**What you have to do**
Search the listing below for the word "Pulmonary", and copy every line in which it turns up.

(Beginning of Stored data)

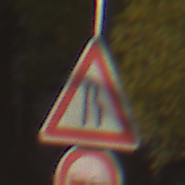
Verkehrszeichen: EinseitigVerengteFahrbahnRechts
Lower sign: Ueberholverbot
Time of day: SunriseSunset
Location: Outdoor (Urban)
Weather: PartlyCloudy
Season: Autumn
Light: Natural
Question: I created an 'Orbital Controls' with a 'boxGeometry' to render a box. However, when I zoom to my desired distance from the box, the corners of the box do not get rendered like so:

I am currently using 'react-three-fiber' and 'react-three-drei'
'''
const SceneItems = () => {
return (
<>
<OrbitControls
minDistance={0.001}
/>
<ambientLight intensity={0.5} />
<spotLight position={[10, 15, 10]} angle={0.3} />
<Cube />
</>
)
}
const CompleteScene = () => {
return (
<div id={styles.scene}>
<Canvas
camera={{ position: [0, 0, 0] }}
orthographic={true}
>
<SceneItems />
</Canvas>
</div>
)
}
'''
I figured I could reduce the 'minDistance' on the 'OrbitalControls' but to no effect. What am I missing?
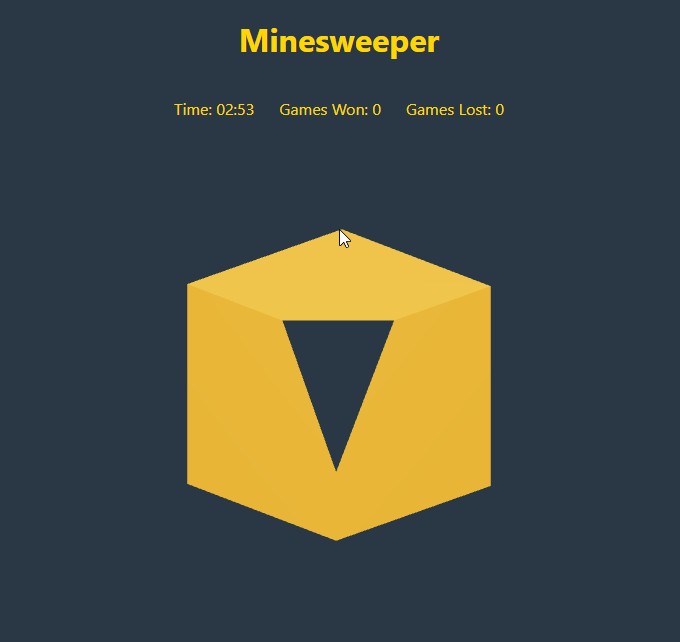
Answer: Not sure if this counts as a complete answer, but for whatever reason when I remove the 'camera' property in '<Canvas>' I am finally able to get the result that I want. I think since '<Canvas/>' provides a 'perspectiveCamera' by default and I added the props there, it overrode my added 'orbitalControls'.
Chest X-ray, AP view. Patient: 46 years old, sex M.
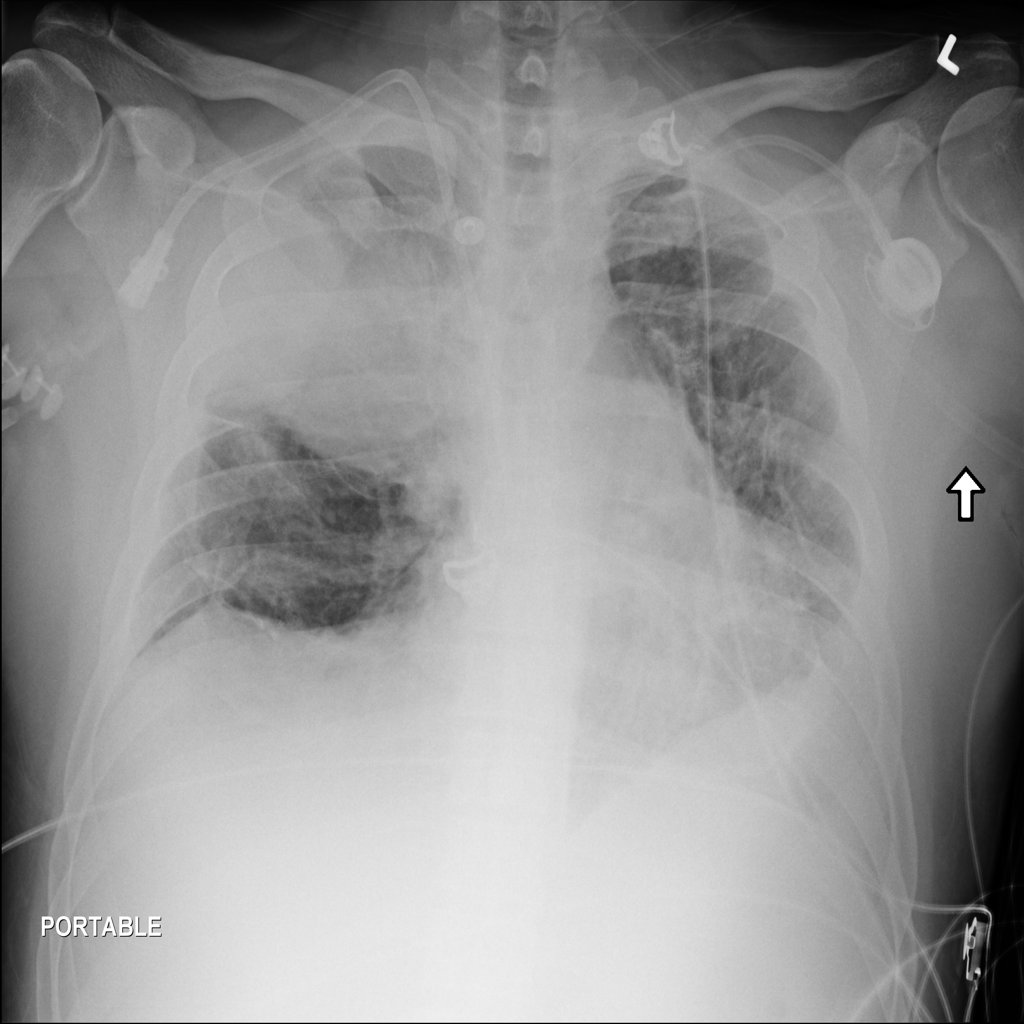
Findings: No Finding
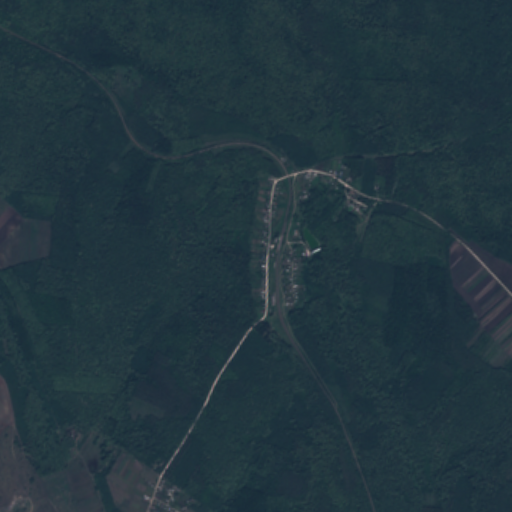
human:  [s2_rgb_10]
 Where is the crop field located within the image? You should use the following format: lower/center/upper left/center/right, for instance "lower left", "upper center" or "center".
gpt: The crop field is located in the lower left of the image.
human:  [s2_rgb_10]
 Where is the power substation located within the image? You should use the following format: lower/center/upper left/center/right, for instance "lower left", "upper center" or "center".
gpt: The power substation is located in the center of the image.
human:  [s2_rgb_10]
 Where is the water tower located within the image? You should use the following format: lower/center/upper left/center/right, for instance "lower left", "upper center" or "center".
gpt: The water tower is located in the center of the image.
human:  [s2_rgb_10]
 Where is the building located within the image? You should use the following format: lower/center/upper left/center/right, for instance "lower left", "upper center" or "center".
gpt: There is no building in the image.
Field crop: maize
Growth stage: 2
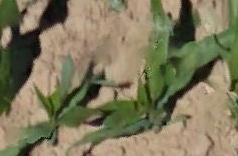
Species: maize
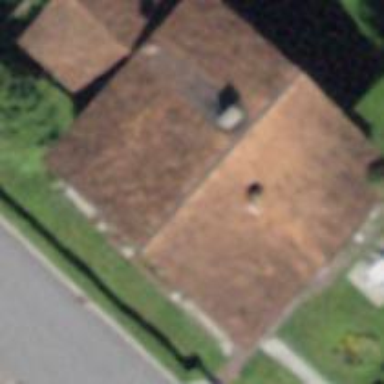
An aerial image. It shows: Simple house.
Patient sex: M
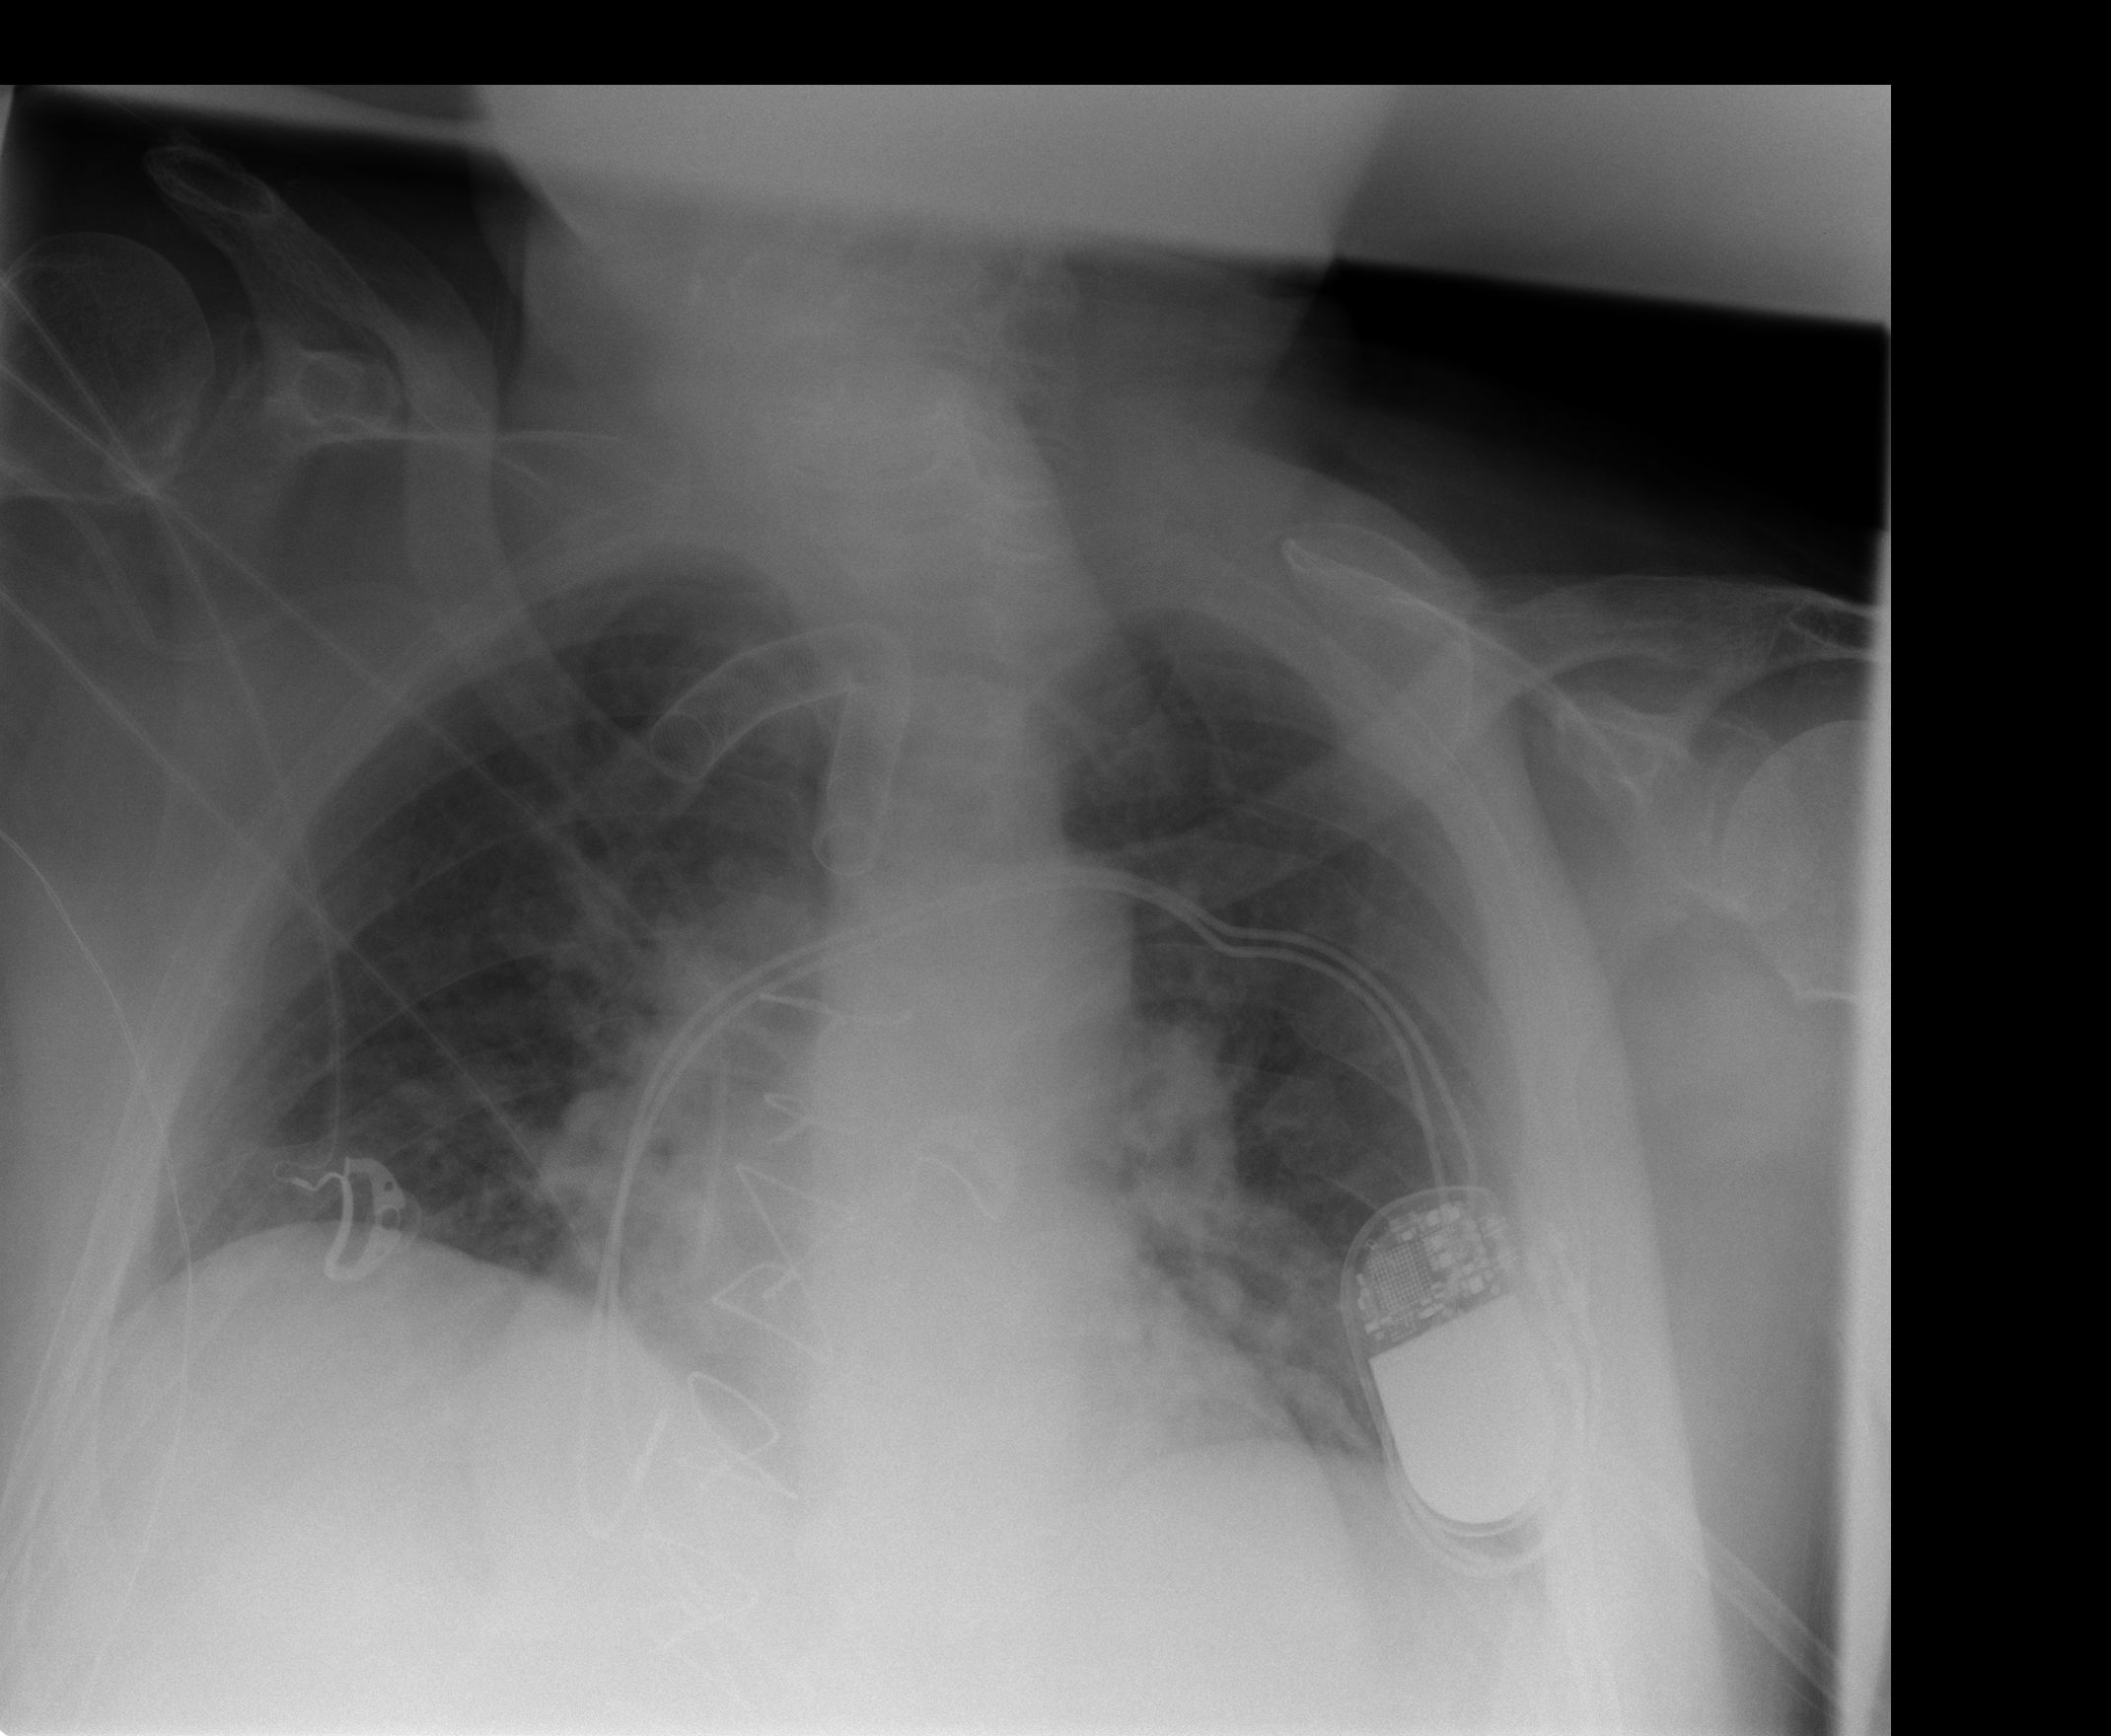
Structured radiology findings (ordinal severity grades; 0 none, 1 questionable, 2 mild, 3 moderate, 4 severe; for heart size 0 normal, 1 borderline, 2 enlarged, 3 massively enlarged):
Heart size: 2
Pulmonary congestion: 3
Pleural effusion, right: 0
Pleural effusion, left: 0
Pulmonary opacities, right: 1
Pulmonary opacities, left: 1
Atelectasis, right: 2
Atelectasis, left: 2

(End of Stored data)

**Answer space**
Pulmonary congestion: 3
Pulmonary opacities, right: 1
Pulmonary opacities, left: 1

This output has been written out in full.